Average: 15.440677966101696. Ave top 5: 35.0, top: 38.0 Average: 16.06679960119641. Ave top 5: 37.4, top: 40.0 Average: 15.586241276171485. Ave top 5: 36.6, top: 40.0 Average: 15.652043868394816. Ave top 5: 36.0, top: 39.0 Average: 16.149551345962113. Ave top 5: 35.6, top: 40.0 Average: 15.48554336989033. Ave top 5: 36.0, top: 39.0 Average: 16.03988035892323. Ave top 5: 38.0, top: 39.0
CPU cycles might be constant but time isn’t
The moral of this story isn’t how to create a fantastic Connect 4 robot, it’s not, my neural net connect 4 bot is rubbish, it really is.
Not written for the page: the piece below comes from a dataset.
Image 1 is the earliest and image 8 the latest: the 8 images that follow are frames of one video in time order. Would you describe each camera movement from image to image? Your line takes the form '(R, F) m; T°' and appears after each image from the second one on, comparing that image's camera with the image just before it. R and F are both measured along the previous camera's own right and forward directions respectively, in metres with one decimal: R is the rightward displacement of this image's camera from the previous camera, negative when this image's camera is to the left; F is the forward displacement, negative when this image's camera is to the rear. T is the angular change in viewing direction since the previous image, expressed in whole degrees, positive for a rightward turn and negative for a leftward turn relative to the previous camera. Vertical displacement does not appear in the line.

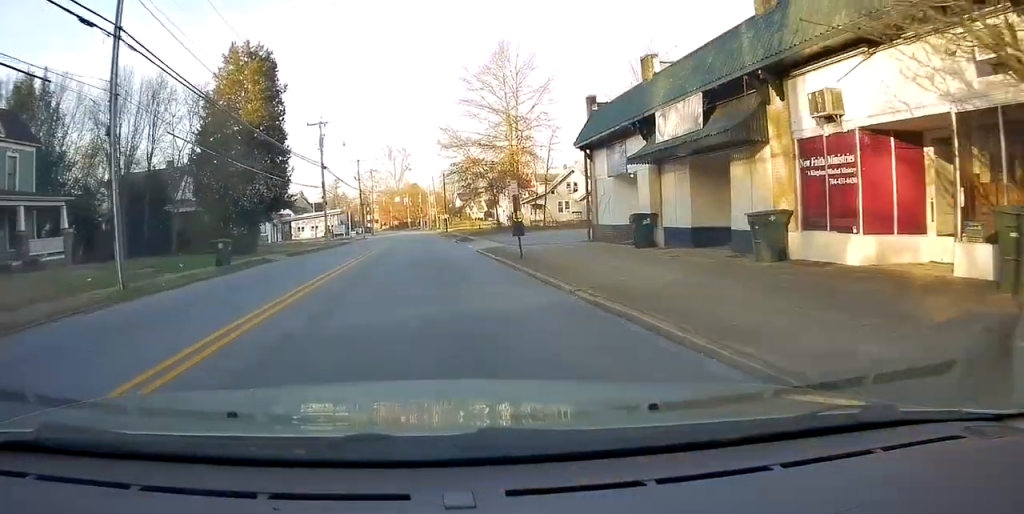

What was exciting though is that I found this out in a morning rather than in a week. By parallelising my problem and running on a cluster I found out the limits and flaws in my methodology quickly.
In many problems the amount of CPU cycles you need to spend on it is fixed, it was going to take millions of Connect 4 games for me to learn and understand about the thing I built. However, when one thing is fixed we look to the things that aren’t in this case time.
Cloud computing and the array of wonderful parallelising tools means that even if we are CPU cycle fixed we needn’t be time fixed, we can use scale like a time machine allowing us to pull the answer from the distant future into the present.
This idea of using scale to speed up your problem solving raises interesting questions about cost. At first glance it could be worrying, I burnt through a weeks worth of computing in a few hours, what if I keep doing that? 🤑. On the other hand a fixed CPU task is a fixed price task. If we are talking EC2 instances, ten for one hour is the same price as one for ten hours. Same price, quicker answer, what’s not to like? What about my time? In theory I could work on other things whilst my long running jobs are going but in practice multi tasking is a euphemism for doing multiple things badly. I’m convinced that my productivity is boosted if I can concentrate on one thing at a time and getting my answers fast allows me to do just that.
I think the days of having a one size fits all computing approach for problem solving are rapidly becoming the past, the future is elastic. We might need to be aware of the costs and the risks but as they say “with great power comes great responsibility” and lets not forget also great fun.